Monday, April 27: Riots and fires broke out in West Baltimore near Mondawmin Mall. After an unrelated protest near the area, the rampage officially began after several high school students threw rocks at police officers. The students said they were left stranded near the Mondawmin bus station after the MTA shut service down early. Soon afterwards, rioters began looting local businesses and setting afire police cars along with other vehicles, and a CVS Pharmacy.  Gov. Larry Hogan called in the National Guard and Mayor Stephanie Rawlings-Blake issued a curfew beginning Tuesday from 10 p.m. to 5 a.m in Baltimore City.

Several thousand students marched in support of Freddie Gray during the week. (Andre Small)
Several thousand students marched in support of Freddie Gray during the week. (Andre Small)

Tuesday April 28: , Activists and volunteers organized a clean-up effort, picking up debris leftover from the turmoil, though some of the trash had been there long before April 27. The hashtag #BaltimoreUprising took the place of #BaltimoreRiots as the community – those of West Baltimore and the surrounding area – pledged cooperation to build a better Baltimore and, ultimately, bring justice for Freddie Gray.

Wednesday, April 29: Thousands of Baltimore residents marched toward City Hall as a response to the Baltimore riots. The march was a congregation of two separate protests combined: the first, called Campus Connection, was organized by Towson University students John Dennis Gillespie and Korey Johnson while the second, the #BaltimoreUprising group, was recruited by Deray McKesson and Johnetta Elzie, two activists featured on Fortune’s “The World’s 50 Greatest Leaders” list.

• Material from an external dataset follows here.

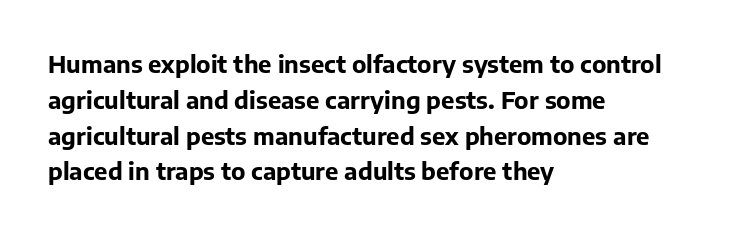
{"italic": "no", "bold": "yes", "underline": "no", "align": "left", "line_spacing": "normal", "line_spacing_ratio": 1.49, "letter_spacing": "normal", "letter_spacing_em": 0.0, "glyph_px": 24}

The event kicked off at Pennsylvania Station. Before being joined by McKesson, Elzie, and the separate group, the Campus Connection crowd consisted of students from Towson University, Goucher College, UMBC, MICA, UMD, and Johns Hopkins, among others. A number of the students wore school t-shirts to represent their schools.

Students and activists show their support for Freddie Gray during a Baltimore march. (Andre Small)
Students and activists show their support for Freddie Gray during a Baltimore march.
(Andre Small)

Joining the students were Baltimore residents, freelance journalists, and niche interest groups such as a punker who brought free barbeque for protesters. When asked who they were affiliated with, they responded with, “We’re just a bunch of punks, yo.”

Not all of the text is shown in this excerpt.